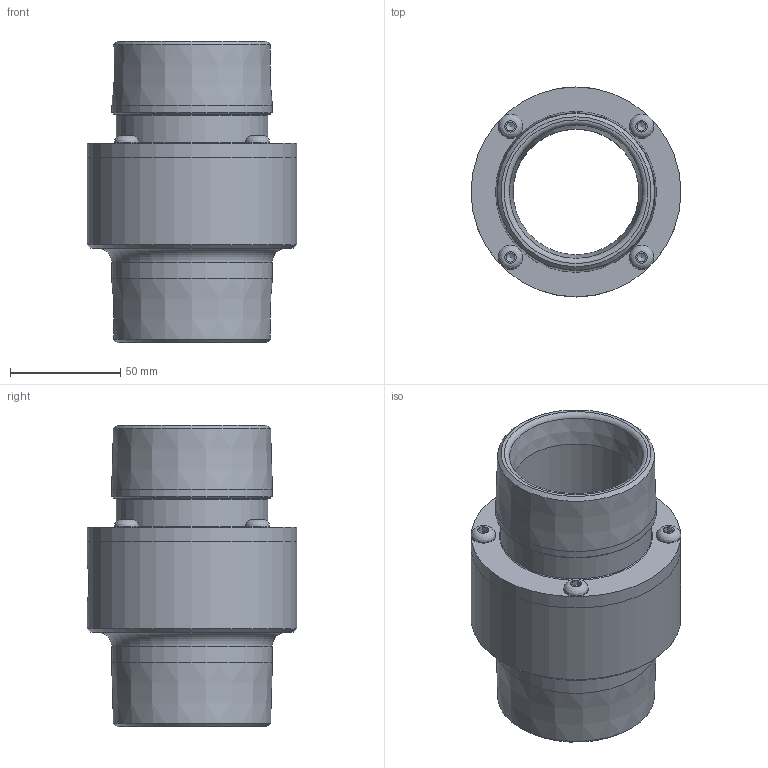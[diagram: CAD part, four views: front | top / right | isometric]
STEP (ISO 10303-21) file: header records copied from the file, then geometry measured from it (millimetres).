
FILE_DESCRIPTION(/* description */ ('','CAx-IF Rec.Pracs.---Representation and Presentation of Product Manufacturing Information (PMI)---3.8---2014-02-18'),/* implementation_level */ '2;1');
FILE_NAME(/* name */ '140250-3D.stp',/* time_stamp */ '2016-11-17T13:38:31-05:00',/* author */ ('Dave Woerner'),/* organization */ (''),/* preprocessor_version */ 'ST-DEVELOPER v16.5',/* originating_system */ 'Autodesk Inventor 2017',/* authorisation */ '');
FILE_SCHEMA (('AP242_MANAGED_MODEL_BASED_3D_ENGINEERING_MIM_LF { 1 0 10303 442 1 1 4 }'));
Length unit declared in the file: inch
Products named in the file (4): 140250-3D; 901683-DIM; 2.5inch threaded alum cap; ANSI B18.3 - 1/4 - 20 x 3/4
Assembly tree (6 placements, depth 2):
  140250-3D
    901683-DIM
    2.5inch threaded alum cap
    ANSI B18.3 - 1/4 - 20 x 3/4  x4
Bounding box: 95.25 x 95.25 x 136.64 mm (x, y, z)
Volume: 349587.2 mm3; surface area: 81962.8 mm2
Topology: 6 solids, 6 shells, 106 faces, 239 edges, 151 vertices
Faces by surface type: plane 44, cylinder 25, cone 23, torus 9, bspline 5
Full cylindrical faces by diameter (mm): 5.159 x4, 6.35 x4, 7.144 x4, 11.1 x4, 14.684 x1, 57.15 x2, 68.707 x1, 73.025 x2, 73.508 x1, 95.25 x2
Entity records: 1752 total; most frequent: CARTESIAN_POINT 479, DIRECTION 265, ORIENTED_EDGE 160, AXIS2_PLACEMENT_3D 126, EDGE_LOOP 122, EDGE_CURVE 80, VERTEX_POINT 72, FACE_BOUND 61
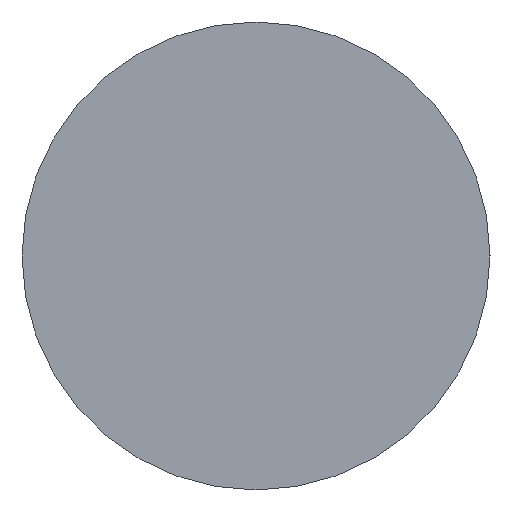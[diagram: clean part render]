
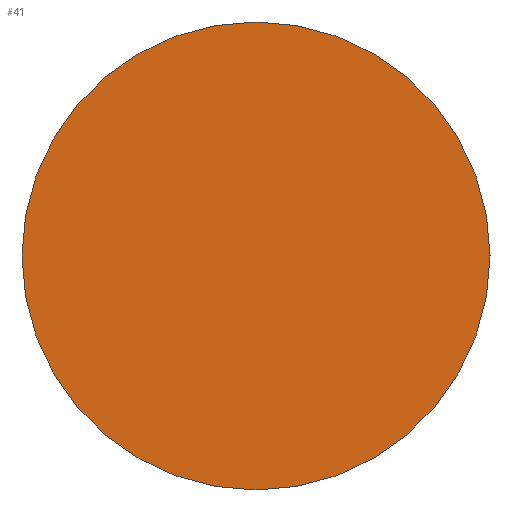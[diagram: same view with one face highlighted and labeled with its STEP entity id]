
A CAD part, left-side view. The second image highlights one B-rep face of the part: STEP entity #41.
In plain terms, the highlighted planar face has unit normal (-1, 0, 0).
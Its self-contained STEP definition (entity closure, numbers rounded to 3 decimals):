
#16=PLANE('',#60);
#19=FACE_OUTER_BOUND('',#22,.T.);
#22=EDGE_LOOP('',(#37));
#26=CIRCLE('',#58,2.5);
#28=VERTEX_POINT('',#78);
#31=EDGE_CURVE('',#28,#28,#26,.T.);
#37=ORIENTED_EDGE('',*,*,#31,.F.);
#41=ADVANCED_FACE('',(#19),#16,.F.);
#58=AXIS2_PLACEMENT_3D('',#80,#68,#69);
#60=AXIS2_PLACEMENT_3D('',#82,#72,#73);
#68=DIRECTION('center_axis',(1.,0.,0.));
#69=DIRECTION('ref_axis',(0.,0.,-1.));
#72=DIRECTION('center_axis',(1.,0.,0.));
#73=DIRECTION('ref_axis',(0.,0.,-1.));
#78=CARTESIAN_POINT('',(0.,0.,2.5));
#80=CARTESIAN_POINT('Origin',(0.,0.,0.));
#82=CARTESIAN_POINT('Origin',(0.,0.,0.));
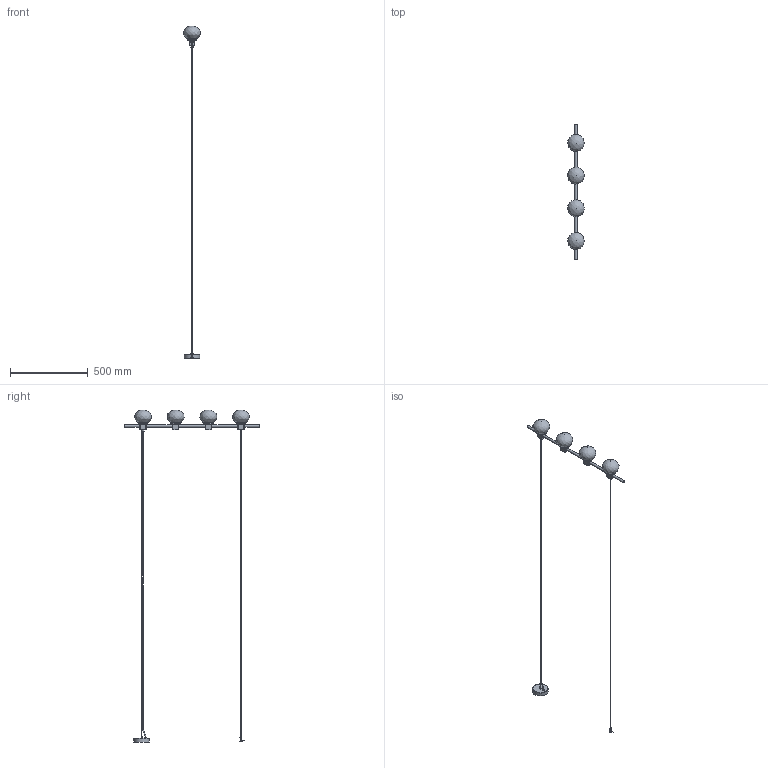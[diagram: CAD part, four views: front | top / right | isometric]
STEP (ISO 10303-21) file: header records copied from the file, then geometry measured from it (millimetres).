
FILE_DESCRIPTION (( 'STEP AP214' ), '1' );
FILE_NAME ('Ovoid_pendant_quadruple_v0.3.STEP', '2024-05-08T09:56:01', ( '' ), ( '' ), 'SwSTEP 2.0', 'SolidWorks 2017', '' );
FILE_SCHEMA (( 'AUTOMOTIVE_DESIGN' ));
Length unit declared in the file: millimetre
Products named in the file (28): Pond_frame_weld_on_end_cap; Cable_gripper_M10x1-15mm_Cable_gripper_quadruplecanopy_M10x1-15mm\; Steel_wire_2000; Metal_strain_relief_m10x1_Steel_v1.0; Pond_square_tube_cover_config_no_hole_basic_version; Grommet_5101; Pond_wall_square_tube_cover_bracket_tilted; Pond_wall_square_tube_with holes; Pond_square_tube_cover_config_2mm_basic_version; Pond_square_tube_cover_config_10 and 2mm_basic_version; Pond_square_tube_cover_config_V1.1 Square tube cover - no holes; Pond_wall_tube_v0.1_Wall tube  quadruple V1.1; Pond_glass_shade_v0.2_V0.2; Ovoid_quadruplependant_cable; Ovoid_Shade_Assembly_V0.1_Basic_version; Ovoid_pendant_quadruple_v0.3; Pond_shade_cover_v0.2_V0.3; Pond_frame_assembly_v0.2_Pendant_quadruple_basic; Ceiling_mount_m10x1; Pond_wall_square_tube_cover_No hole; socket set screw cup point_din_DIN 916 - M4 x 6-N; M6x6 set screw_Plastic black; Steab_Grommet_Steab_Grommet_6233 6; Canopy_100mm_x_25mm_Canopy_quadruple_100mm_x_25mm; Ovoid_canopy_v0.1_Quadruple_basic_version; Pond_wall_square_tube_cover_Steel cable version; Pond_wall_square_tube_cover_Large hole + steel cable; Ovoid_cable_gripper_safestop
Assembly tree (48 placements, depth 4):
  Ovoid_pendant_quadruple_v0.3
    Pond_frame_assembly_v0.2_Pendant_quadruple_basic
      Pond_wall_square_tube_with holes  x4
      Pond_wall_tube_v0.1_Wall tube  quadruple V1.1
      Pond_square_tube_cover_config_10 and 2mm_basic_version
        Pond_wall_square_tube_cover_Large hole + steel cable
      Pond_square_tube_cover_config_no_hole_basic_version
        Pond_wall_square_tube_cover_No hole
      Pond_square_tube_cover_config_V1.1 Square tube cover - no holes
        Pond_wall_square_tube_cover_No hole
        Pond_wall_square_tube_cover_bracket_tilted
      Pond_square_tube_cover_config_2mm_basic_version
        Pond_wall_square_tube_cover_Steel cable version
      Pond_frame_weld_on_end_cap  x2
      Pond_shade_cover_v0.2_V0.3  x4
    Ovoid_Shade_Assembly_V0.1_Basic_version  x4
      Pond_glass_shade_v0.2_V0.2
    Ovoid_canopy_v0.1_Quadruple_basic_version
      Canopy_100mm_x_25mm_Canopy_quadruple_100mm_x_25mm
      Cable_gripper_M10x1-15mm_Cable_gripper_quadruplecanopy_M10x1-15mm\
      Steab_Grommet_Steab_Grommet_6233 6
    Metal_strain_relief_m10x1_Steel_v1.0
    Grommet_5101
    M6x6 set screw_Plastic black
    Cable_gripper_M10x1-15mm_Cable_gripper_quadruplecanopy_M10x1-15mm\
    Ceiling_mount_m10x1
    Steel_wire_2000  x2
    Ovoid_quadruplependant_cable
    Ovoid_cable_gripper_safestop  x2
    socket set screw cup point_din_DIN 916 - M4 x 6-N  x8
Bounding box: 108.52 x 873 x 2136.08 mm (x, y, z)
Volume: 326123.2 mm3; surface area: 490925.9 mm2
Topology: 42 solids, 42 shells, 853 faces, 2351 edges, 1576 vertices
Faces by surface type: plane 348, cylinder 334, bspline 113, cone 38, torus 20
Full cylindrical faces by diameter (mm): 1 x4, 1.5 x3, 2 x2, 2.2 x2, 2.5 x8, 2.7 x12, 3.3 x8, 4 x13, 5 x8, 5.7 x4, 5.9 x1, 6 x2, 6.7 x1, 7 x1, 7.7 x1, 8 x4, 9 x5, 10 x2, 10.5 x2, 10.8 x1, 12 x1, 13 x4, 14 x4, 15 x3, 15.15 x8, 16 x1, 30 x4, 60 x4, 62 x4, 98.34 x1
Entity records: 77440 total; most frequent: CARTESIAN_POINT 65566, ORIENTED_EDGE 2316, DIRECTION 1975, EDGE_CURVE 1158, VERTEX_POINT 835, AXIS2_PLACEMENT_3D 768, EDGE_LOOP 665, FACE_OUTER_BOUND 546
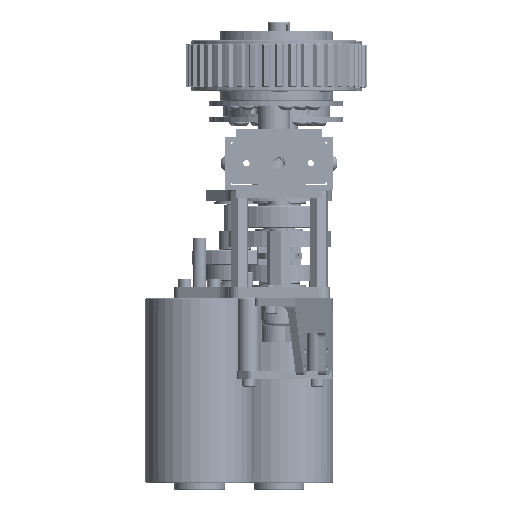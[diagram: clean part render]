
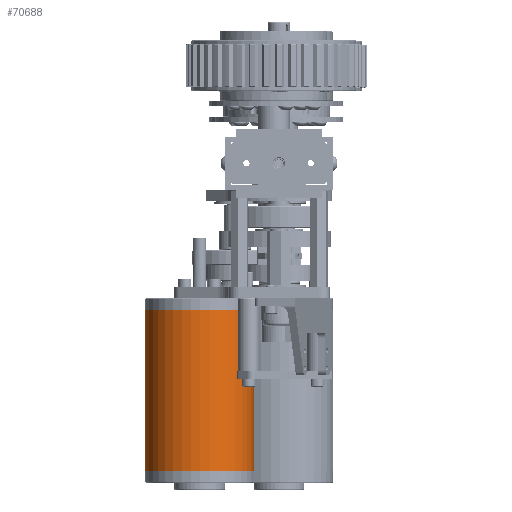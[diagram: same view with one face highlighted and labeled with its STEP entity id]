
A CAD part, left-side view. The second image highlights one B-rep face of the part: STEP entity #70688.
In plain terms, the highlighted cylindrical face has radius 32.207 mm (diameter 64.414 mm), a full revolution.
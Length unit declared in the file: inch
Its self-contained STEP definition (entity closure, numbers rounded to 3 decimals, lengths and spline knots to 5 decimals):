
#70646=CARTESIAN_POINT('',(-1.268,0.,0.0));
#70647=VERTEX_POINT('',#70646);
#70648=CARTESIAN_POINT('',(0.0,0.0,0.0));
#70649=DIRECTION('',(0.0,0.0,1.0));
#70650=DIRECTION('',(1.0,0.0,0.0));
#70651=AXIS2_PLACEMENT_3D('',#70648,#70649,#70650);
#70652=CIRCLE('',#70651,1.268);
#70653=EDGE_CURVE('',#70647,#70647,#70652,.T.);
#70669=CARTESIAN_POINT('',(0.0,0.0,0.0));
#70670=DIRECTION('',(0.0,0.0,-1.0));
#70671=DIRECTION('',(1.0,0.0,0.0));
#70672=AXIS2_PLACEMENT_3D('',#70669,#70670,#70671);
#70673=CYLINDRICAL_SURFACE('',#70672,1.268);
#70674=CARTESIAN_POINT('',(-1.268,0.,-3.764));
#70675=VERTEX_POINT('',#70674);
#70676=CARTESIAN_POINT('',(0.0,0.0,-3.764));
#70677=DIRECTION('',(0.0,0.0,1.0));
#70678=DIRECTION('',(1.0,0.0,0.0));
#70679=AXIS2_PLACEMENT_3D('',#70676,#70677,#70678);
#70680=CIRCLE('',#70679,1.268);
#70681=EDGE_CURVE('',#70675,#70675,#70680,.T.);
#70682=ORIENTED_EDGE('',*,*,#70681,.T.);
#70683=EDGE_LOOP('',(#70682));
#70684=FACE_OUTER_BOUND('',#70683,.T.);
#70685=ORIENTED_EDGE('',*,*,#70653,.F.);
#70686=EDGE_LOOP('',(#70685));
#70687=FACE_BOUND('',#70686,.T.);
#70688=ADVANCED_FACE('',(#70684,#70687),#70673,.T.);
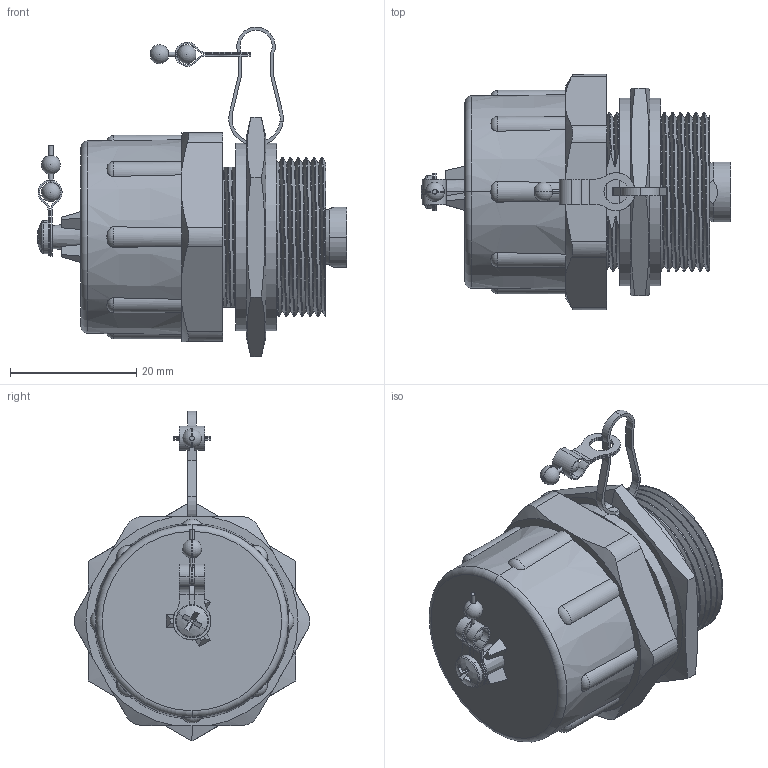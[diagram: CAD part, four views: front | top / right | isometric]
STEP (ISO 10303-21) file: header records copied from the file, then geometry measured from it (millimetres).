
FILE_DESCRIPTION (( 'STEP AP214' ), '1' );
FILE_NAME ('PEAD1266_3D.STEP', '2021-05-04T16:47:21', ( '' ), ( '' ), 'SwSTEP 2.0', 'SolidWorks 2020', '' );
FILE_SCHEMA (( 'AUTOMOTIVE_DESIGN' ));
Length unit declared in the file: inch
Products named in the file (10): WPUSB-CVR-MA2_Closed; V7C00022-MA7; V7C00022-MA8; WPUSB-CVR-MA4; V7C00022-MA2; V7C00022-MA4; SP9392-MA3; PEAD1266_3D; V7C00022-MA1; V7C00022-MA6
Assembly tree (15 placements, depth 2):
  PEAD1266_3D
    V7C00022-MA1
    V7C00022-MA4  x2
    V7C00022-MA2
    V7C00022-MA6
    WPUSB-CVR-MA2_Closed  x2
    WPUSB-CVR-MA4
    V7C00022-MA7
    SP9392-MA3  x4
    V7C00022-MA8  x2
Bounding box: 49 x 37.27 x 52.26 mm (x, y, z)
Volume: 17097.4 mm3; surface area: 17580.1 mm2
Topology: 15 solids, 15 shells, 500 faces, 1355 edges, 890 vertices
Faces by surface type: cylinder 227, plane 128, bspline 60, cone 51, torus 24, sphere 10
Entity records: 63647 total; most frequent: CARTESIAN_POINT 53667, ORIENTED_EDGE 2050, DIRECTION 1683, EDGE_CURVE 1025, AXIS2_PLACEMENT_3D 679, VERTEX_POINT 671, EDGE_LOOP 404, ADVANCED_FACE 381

○ ○ ○

◆ **EXERCISE DIRECTIONS**: Nothing but the lines from the beginning of the material above through the line containing "FILE_NAME(/* name */" should appear in the answer, copied exactly and free of pictures.

◆ **COMPLETED TASK**:
[diagram: CAD part, four views: front | top / right | isometric]
STEP (ISO 10303-21) file: header records copied from the file, then geometry measured from it (millimetres).
FILE_DESCRIPTION(/* description */ ('','CAx-IF Rec.Pracs.---Representation and Presentation of Product Manufacturing Information (PMI)---3.8---2014-02-18'),/* implementation_level */ '2;1');
FILE_NAME(/* name */ '140250-3D.stp',/* time_stamp */ '2016-11-17T13:38:31-05:00',/* author */ ('Dave Woerner'),/* organization */ (''),/* preprocessor_version */ 'ST-DEVELOPER v16.5',/* originating_system */ 'Autodesk Inventor 2017',/* authorisation */ '');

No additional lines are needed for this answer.